Governor Ron DeSantis of Florida once again spotted an opportunity to do nothing in the way of salvaging his floundering bid for the presidency. “We need to be lifting up our standards in this country, not dumbing down our standards in this country,” he said to the echo of a million foreheads being slapped. The veteran Republican senator Susan Collins joshed (we think) that she would be attending the Senate in a bikini.
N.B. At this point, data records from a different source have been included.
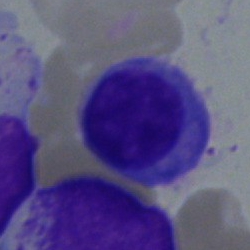

Bone marrow aspirate smear, single cell — plasma cell.
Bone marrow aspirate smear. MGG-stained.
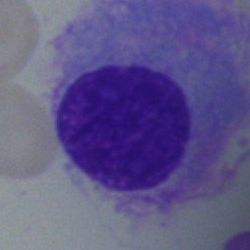Showing a plasmacyte.
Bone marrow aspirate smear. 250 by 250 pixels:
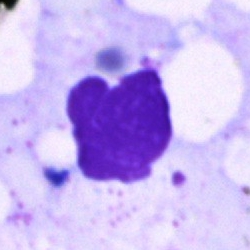 Specimen: bone marrow smear.
Morphological class: artefact.
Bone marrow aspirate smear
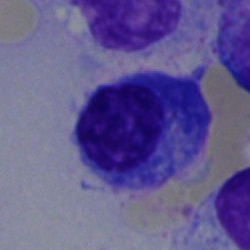
Nucleated red blood cell.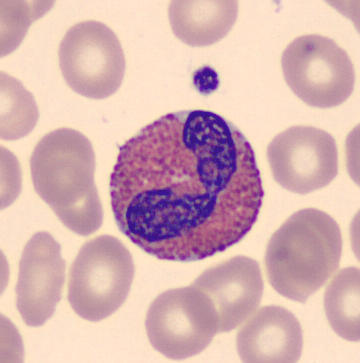
Preparation: Peripheral blood film. Cropped to a single cell.

{"cell_type": "eosinophil", "lineage": "myeloid"}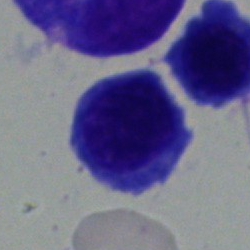Q: What type of cell is this?
A: This is a normoblast.

There is at least one argument against the alteration as it stands. The Hill newspaper tells us that “staffers and outside visitors need to adhere to the business attire policy”. This hardly seems fair. If Senator Fetterman can dress like a member of Limp Bizkit then the chap serving him coffee should be allowed to do the same. You didn’t see King Charles III dressing any more informally than those “commoners” invited to his coronation. The bloke was wearing an actual crown.
There will be as many people who find casual dress disrespectful as regard the wearing of sneakers as a gesture of democratic solidarity
It is fair, however, to wonder why democratic legislatures still hang on to these conventions on dress. “Conventions” is the word. Most TDs will turn up looking at least as smart as the average solicitor, but there is no formal dress code in Dáil Éireann. Speaking in the wake of the US Senate’s decision, the Independent TD Michael Healy-Rae said his colleagues should show the same level of sartorial respect as they would at a wedding or funeral (as we have seen, not a consistent standard). “I’m not saying you need to be suited and booted, but the least you can do is put on the best of what you have,” he said.
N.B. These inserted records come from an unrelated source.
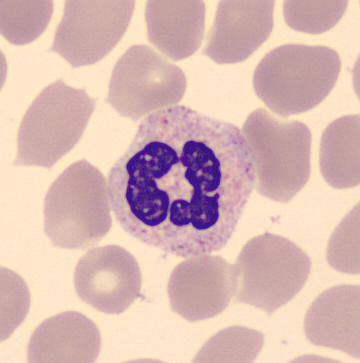
Morphological class = segmented neutrophil.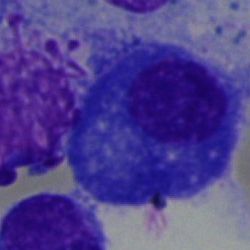 Cell — plasmacyte.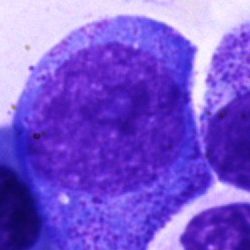

Cell type: promyelocyte.
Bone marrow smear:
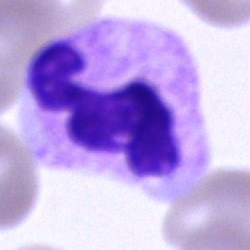

Classification = polymorphonuclear neutrophil.

The speaker’s “rules of behaviour” for the UK House of Commons confirm that “there is no exact dress code: usual business dress is suggested as a guide”. The section goes on to state that it is “no longer a requirement for men to wear a tie, but jackets should be worn”.
The counterargument to prevailing mid-level smartness is that politicians should dress like “the people”. Why shouldn’t John Fetterman turn out in the style of a tree surgeon? No doubt he represents the odd arboreal specialist in the Keystone State. Well, there will be as many people who find casual dress disrespectful as regard the wearing of sneakers as a gesture of democratic solidarity. If you turn up to the European Parliament looking like a Hawkwind roadie, you’re making some kind of statement. A consistent dress regulation for men – let’s not start on the abuse female MPs get over their clothes – does at least diminish the possibility of issuing an unspoken sentiment when you’re finished with the morning’s wardrobe. But, yes, there is still something of a class statement to the lounge suit. What we need to do is put them all in unisex uniforms. Decorative kepis. Crisp tunics. Patent-leather boots. Okay, maybe not. That does suggest the costuming in some dystopian fantasy. But it’s a starting point. Right?